Check whether downstream devices are attacked or have loops.
A loop or an attack may occur at the access side.
If the fault occurs again, run the following commands to locate the fault:
1. Run the display interface interface-num command in the user view to check whether many multicast and broadcast packets increase on the interface where the neighbor relationship is interrupted.
2. Check whether many broadcast packets and packets with reserved multicast addresses are discarded by CAR.
Run the dis cpu-defend slot slot-num car index 51 command in the hidden view to check whether packets with reserved multicast addresses increase.
Run the dis cpu-defend slot slot-num car index 8 command in the hidden view to check whether broadcast ARP packets increase.
3. Check whether the CPU of the LPU and MPU increases and CPU usage occupied by tasks.

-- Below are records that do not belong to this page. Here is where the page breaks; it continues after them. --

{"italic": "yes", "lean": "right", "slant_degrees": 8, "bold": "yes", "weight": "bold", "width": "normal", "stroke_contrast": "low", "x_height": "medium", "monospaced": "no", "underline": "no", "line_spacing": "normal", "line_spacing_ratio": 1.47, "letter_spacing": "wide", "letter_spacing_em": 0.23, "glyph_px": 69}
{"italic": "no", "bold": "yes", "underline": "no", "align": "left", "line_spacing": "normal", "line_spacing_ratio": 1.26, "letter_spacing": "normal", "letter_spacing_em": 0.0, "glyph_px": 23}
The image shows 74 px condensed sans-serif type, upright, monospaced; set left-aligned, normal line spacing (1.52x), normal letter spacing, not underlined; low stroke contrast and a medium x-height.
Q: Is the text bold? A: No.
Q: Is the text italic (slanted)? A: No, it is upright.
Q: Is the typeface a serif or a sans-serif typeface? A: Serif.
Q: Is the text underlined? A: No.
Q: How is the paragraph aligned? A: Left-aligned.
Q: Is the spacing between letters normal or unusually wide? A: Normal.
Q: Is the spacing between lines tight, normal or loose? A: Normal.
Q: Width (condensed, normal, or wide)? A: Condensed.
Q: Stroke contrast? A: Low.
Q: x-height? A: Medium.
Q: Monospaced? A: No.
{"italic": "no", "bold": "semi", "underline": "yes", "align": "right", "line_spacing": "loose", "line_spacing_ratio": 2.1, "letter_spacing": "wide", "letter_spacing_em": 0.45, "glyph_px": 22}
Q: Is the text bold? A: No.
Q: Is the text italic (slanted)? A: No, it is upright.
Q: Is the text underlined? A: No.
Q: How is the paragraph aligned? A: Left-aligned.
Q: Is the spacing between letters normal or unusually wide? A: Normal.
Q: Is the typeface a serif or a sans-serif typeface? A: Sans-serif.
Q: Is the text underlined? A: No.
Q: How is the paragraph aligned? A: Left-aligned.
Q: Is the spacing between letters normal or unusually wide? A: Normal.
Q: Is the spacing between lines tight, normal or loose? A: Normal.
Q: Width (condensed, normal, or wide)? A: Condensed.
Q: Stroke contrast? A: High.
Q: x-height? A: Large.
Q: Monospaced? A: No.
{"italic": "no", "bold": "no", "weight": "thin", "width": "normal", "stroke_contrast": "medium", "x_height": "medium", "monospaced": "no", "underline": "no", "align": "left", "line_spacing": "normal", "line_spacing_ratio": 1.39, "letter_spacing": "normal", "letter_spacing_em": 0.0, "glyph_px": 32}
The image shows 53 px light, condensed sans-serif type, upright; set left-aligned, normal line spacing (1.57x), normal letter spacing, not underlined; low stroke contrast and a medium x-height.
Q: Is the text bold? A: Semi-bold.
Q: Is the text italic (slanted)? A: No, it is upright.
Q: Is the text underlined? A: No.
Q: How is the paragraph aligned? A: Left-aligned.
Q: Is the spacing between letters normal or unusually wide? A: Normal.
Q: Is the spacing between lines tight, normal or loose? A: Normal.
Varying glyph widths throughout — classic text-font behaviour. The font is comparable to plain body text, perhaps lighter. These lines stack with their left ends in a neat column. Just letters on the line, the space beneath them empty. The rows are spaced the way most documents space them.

Run the display health command in the user view to check the CPU usage.
Run the display cpu-usage command in the user view to check the CPU usage occupied by tasks.
Run the display cpu-usage slot slot-num command in the user view to check the CPU usage occupied by tasks of the MPU.
4. Capture packets and locate the attack source.
[PE-A-hidecmd]display pe-probe 5 0 epe-dmadata

Set the highest priority for protocol packets such as OSPF, LDP, VRRP, and BGP so that the protocol packets are sent first when a fault occurs. Configure suppression for multicast and broadcast packets on the access layer interface.